Y por un segundo vuelve el dulce, joven y despreocupado Pedro. Me inspira ternura. Está entusiasmado. Los chicos y sus juguetes. Pongo los ojos en blanco, pero no puedo ocultar mi sonrisa. Me abre la puerta y entro. Uau… es muy bajo. Rodea el coche con paso seguro y, cuando llega al otro lado, dobla su largo cuerpo con elegancia. ¿Cómo lo consigue?
—¿Qué coche es?
—Un Audi R8 Spyder. Como hace un día precioso, podemos bajar la capota. Ahí hay una gorra.Bueno, debería haber dos.
Gira la llave de contacto, y el motor ruge a nuestras espaldas. Deja la bolsa entre los dos asientos, pulsa un botón y la capota retrocede lentamente. Pulsa otro, y la voz de Bruce Springsteen nos envuelve.
—Va a tener que gustarte Bruce.
Me sonríe, saca el coche de la plaza de parking y sube la empinada rampa, donde nos detenemos a esperar que se levante la puerta.
Y salimos a la soleada mañana de mayo de Seattle. Abro la guantera y saco las gorras. Son del equipo de los Mariners. ¿Le gusta el béisbol?
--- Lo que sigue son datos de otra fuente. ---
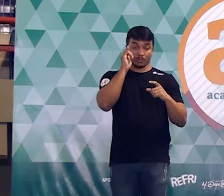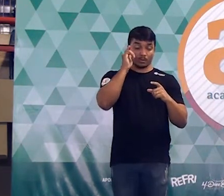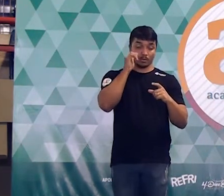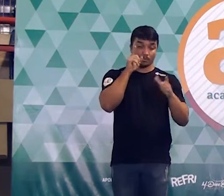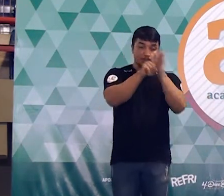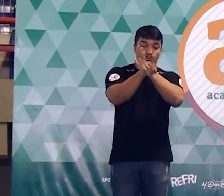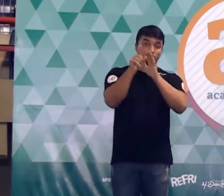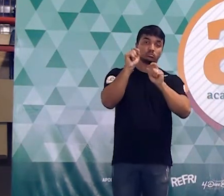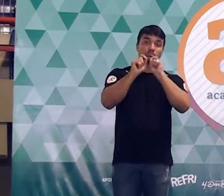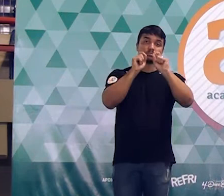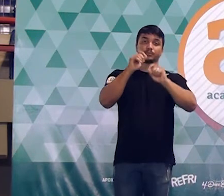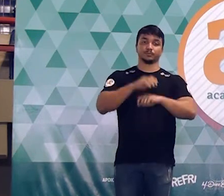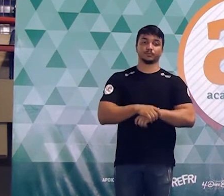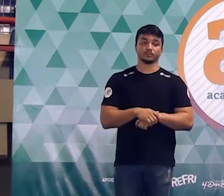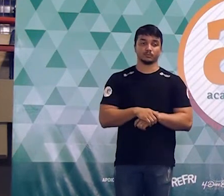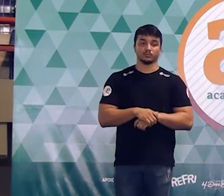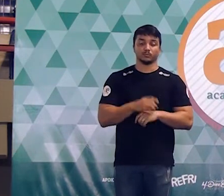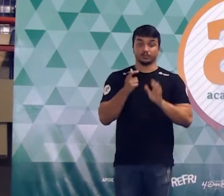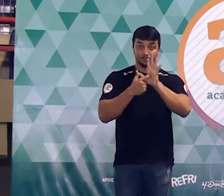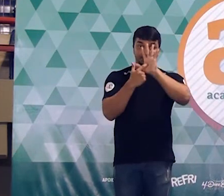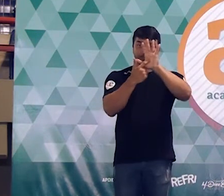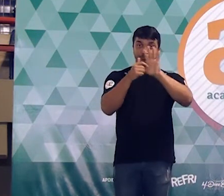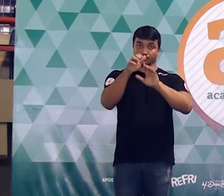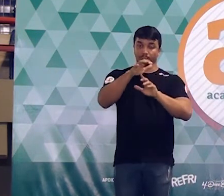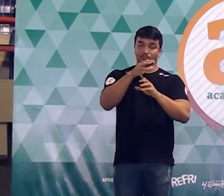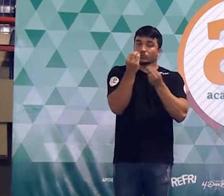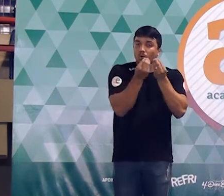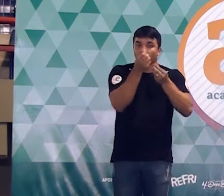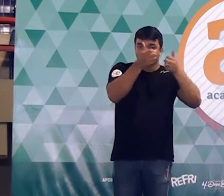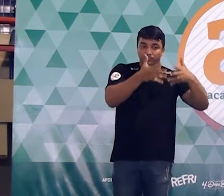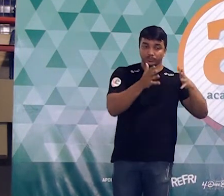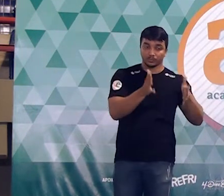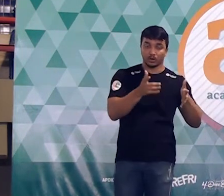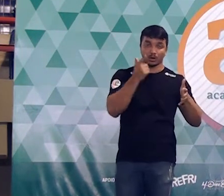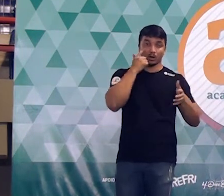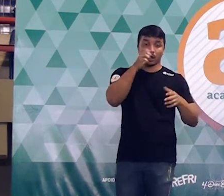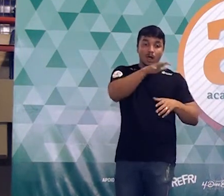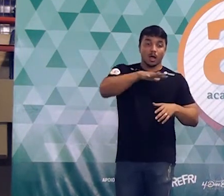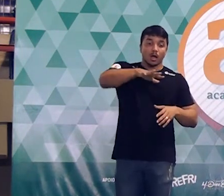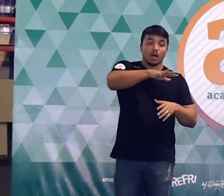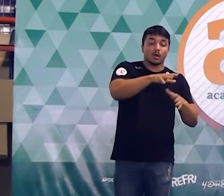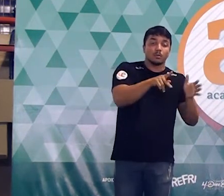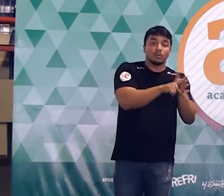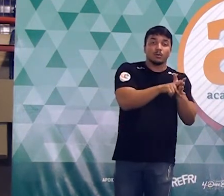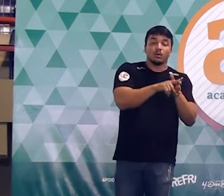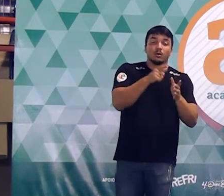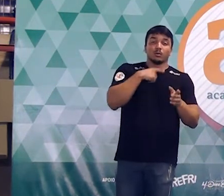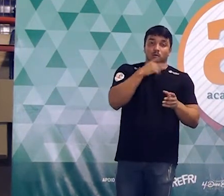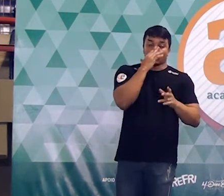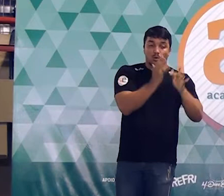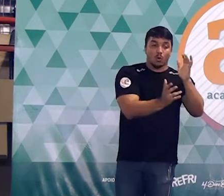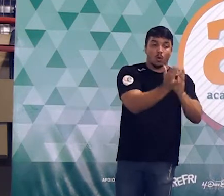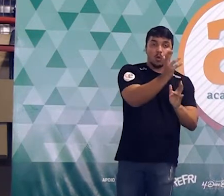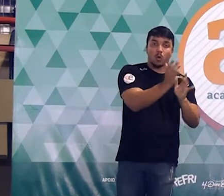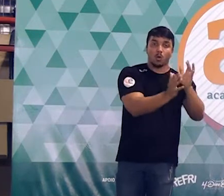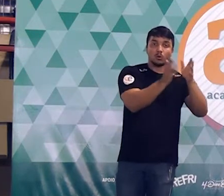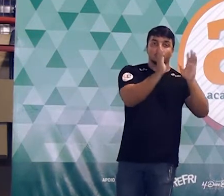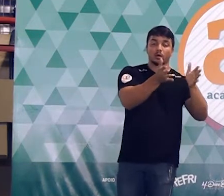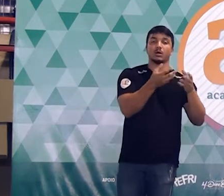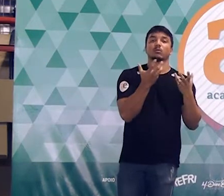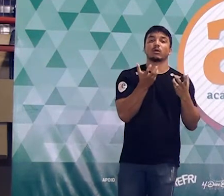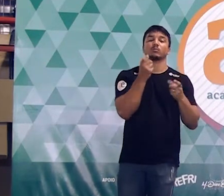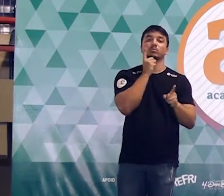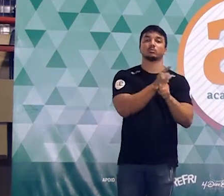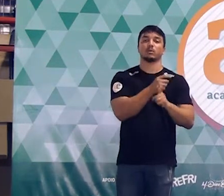questão é seguinte nessas condições apresentadas eu quero saber qual é a área da região queimada em metros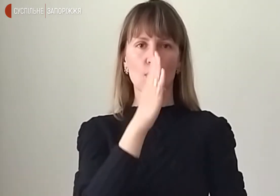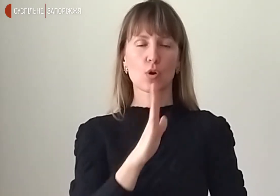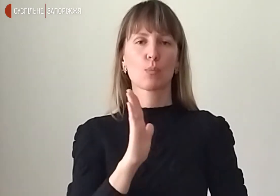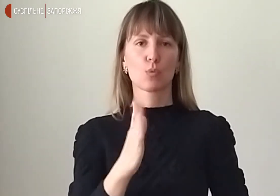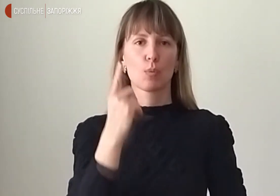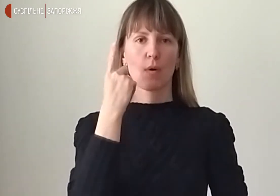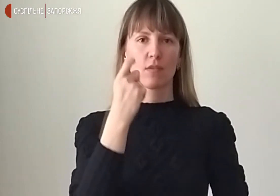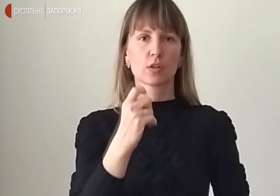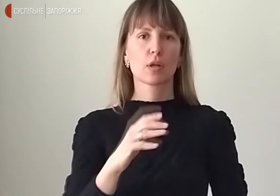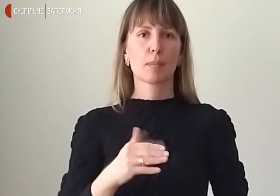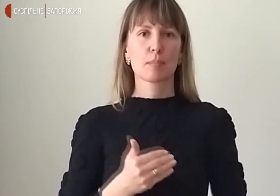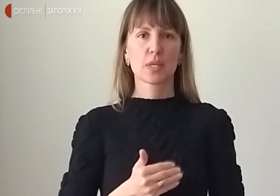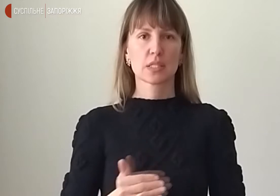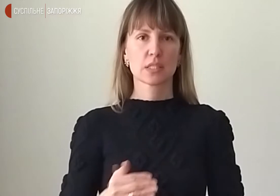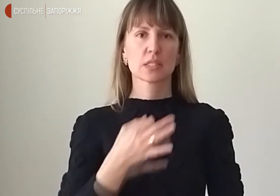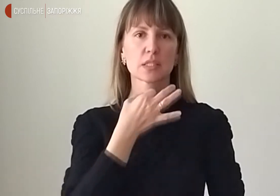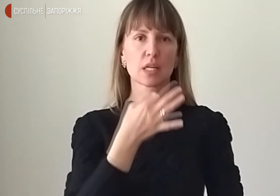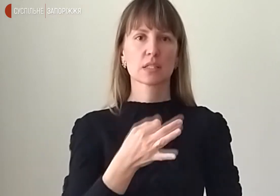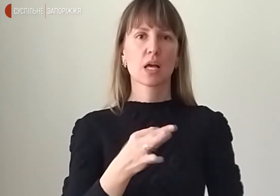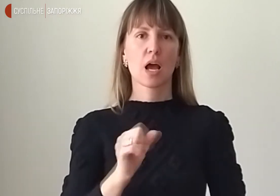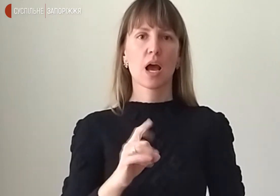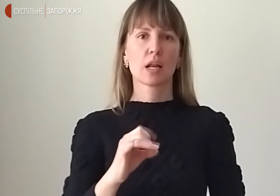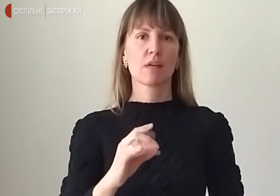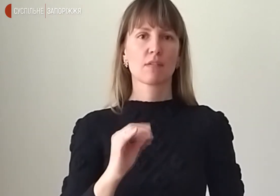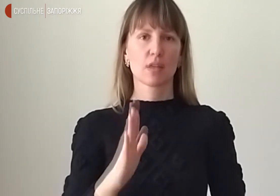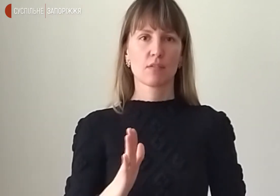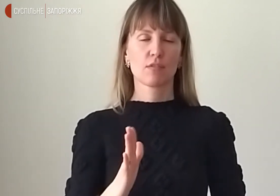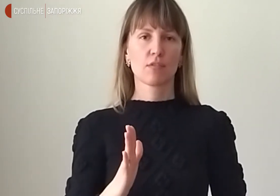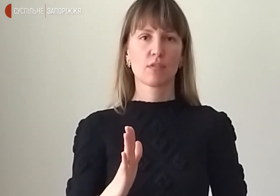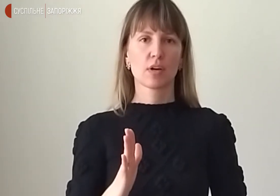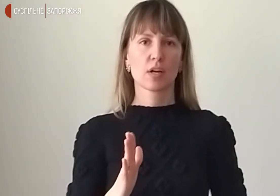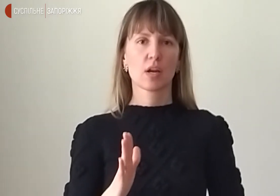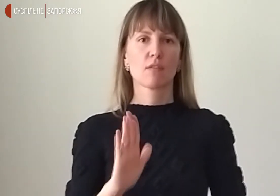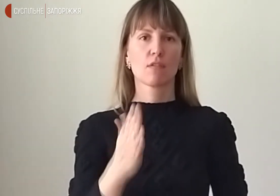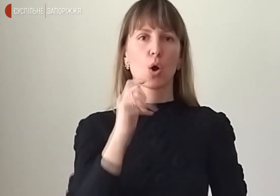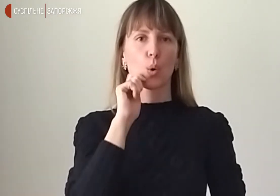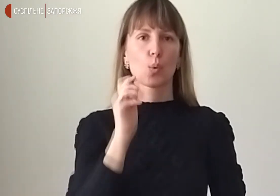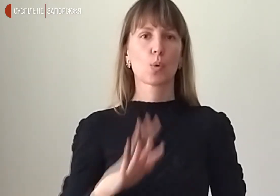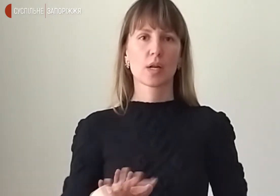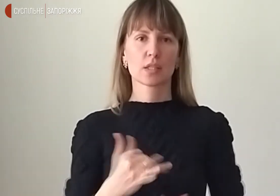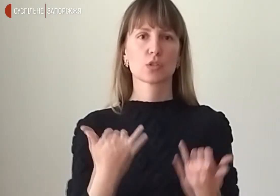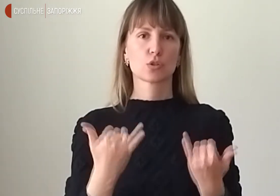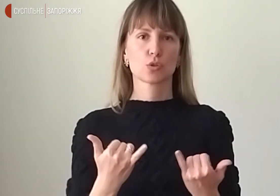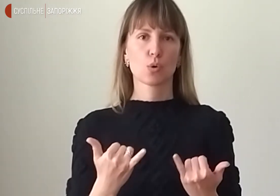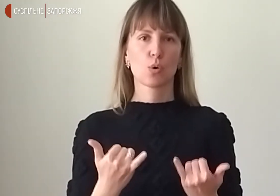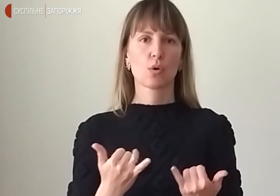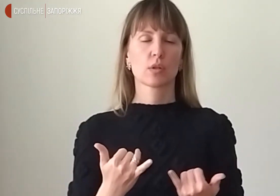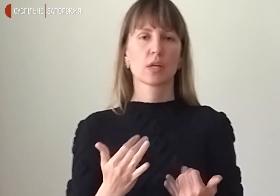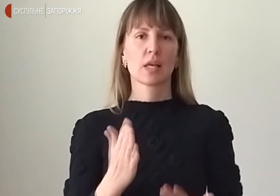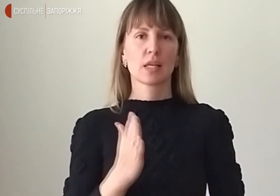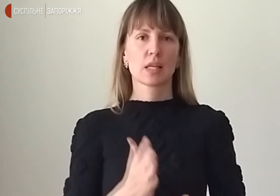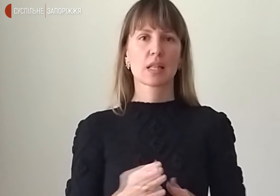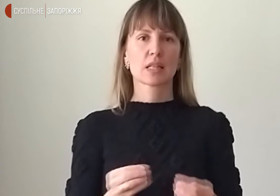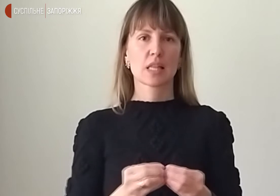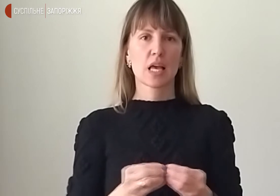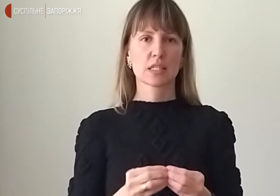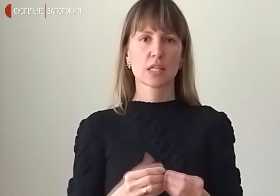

Le tiendo una gorra y se la pone.
Paso el pelo por la parte de atrás de la mía y me bajo la visera.
La gente nos mira al pasar. Por un momento pienso que lo miran a él… Luego, una paranoica parte de mí cree que me miran a mí porque saben lo que he estado haciendo en las últimas doce horas, pero al final me doy cuenta de que lo que miran es el coche. Pedro parece ajeno a todo, perdido en sus pensamientos.
Hay poco tráfico, así que no tardamos en llegar a la interestatal 5 en dirección sur, con el viento soplando por encima de nuestras cabezas. Bruce canta que arde de deseo. Muy oportuno. Me ruborizo escuchando la letra. Pedro me mira. Como lleva puestas las Ray-Ban, no veo su expresión. Frunce los labios, apoya una mano en mi rodilla y me la aprieta suavemente. Se me corta la respiración.
—¿Tienes hambre? —me pregunta.
No de comida.
—No especialmente.
Sus labios vuelven a tensarse en una línea firme.
—Tienes que comer, Paula —me reprende—. Conozco un sitio fantástico cerca de Olympia.Pararemos allí.
Me aprieta la rodilla de nuevo, su mano vuelve a sujetar el volante y pisa el acelerador. Me veo impulsada contra el respaldo del asiento. Madre mía, cómo corre este coche.
El restaurante es pequeño e íntimo, un chalet de madera en medio de un bosque. La decoración es rústica: sillas diferentes, mesas con manteles a cuadros y flores silvestres en pequeños jarrones. CUISINE SAUVAGE, alardea un cartel por encima de la puerta.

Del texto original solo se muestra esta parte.